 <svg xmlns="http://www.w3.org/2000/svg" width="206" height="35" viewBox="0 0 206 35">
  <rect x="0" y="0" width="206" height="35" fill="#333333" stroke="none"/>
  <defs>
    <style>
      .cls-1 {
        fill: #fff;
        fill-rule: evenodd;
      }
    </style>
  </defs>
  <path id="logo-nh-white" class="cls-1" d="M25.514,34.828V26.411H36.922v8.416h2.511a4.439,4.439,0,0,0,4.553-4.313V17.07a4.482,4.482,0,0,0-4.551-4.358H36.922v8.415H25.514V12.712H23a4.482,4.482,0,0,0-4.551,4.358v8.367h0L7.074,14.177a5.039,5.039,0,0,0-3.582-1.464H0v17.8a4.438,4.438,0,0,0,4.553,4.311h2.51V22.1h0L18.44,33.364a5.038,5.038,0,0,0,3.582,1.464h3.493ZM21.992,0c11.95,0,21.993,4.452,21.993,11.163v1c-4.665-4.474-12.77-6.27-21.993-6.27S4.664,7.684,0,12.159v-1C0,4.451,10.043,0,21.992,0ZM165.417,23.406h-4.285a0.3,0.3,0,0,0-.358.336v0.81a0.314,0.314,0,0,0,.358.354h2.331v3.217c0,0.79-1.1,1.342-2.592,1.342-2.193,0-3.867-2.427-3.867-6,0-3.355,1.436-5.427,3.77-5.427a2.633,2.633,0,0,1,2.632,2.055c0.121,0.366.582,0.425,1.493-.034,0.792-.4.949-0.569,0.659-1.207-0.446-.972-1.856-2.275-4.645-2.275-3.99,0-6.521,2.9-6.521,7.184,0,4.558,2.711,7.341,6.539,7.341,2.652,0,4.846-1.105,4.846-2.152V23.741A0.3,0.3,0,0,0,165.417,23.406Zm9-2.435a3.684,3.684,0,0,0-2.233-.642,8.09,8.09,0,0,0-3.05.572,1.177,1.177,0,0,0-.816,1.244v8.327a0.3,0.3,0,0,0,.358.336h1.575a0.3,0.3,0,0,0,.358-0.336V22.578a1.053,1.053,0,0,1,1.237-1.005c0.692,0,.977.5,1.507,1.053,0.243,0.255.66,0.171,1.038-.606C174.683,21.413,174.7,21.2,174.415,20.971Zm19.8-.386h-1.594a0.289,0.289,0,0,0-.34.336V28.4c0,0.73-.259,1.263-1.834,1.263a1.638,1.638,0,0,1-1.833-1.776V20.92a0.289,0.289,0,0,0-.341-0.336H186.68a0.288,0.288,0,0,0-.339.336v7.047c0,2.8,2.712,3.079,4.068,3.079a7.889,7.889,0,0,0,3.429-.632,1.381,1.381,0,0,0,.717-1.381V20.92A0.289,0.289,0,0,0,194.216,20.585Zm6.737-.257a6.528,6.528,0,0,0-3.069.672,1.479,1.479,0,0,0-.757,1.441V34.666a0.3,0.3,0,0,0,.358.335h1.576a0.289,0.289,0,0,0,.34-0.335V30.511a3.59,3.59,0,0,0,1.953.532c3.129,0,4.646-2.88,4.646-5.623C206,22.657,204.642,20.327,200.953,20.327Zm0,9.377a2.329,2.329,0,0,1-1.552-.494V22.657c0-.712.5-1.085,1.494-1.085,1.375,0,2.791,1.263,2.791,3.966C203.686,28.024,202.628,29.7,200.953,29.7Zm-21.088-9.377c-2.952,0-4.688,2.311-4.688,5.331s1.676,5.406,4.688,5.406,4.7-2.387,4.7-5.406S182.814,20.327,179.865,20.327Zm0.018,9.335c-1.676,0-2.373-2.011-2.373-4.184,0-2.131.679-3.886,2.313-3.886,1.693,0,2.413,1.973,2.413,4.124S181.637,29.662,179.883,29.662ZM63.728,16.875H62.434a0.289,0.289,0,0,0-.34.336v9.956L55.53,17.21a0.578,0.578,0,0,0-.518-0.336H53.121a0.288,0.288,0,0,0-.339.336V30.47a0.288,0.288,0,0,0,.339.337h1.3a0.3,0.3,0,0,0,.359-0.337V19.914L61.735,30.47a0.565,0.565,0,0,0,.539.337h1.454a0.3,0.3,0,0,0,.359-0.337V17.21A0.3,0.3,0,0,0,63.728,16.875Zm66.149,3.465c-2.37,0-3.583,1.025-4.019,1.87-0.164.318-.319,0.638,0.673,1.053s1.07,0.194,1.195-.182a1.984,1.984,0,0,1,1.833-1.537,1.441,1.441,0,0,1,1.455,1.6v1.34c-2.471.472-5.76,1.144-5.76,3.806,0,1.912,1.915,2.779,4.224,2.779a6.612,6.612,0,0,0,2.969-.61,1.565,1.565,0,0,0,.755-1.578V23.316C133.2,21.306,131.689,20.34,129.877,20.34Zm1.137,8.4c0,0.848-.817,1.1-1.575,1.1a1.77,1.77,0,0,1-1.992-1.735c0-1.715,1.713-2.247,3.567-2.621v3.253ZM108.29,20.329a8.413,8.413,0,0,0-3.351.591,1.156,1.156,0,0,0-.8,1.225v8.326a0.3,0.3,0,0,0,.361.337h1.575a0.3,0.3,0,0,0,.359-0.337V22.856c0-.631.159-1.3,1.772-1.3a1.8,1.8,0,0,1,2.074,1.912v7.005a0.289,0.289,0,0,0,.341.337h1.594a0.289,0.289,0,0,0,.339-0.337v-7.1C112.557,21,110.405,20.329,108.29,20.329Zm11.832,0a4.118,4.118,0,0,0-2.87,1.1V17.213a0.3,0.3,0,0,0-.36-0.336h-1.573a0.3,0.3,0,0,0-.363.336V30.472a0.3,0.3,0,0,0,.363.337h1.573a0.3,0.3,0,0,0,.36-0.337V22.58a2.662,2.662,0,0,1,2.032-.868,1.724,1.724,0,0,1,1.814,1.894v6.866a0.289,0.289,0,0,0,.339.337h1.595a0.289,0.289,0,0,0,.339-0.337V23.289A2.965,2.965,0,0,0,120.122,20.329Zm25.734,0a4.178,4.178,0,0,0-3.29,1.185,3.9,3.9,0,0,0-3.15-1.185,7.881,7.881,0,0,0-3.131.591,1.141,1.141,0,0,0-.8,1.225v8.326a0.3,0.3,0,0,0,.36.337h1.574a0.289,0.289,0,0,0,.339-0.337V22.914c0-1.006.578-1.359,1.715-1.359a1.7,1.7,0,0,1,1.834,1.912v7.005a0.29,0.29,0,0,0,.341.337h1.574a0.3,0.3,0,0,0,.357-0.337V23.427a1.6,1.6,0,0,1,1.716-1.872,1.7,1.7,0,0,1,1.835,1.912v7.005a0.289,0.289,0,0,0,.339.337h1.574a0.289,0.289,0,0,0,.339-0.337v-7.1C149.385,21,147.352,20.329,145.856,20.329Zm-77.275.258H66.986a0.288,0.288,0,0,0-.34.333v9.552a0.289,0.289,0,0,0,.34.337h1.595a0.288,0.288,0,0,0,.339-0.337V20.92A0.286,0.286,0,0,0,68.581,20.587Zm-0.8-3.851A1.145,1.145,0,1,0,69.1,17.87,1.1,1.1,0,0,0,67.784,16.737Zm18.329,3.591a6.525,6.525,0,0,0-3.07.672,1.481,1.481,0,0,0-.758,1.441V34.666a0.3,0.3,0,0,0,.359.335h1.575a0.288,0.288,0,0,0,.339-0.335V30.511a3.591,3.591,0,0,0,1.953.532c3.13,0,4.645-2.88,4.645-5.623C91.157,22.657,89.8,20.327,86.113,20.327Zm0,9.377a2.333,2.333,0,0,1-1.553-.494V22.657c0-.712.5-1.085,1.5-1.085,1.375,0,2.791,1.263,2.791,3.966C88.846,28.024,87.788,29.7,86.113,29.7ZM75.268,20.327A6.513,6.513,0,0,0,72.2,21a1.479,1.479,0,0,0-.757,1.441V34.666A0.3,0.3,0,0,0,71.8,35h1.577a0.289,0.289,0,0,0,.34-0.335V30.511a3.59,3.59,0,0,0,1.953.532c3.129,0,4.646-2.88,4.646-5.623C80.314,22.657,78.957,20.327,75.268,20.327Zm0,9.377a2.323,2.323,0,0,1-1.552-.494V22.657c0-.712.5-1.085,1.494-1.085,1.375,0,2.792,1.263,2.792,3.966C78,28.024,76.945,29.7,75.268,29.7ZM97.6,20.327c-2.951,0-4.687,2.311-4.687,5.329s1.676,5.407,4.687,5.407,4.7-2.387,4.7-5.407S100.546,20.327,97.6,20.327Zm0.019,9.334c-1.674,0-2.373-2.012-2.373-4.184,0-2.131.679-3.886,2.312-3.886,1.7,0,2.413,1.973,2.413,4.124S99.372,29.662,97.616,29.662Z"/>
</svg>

■ ■ ■

▶ _Work order_
Which lines in the records above include the word "height"? Copy them out.

▶ _Expected output_
 <svg xmlns="http://www.w3.org/2000/svg" width="206" height="35" viewBox="0 0 206 35">
  <rect x="0" y="0" width="206" height="35" fill="#333333" stroke="none"/>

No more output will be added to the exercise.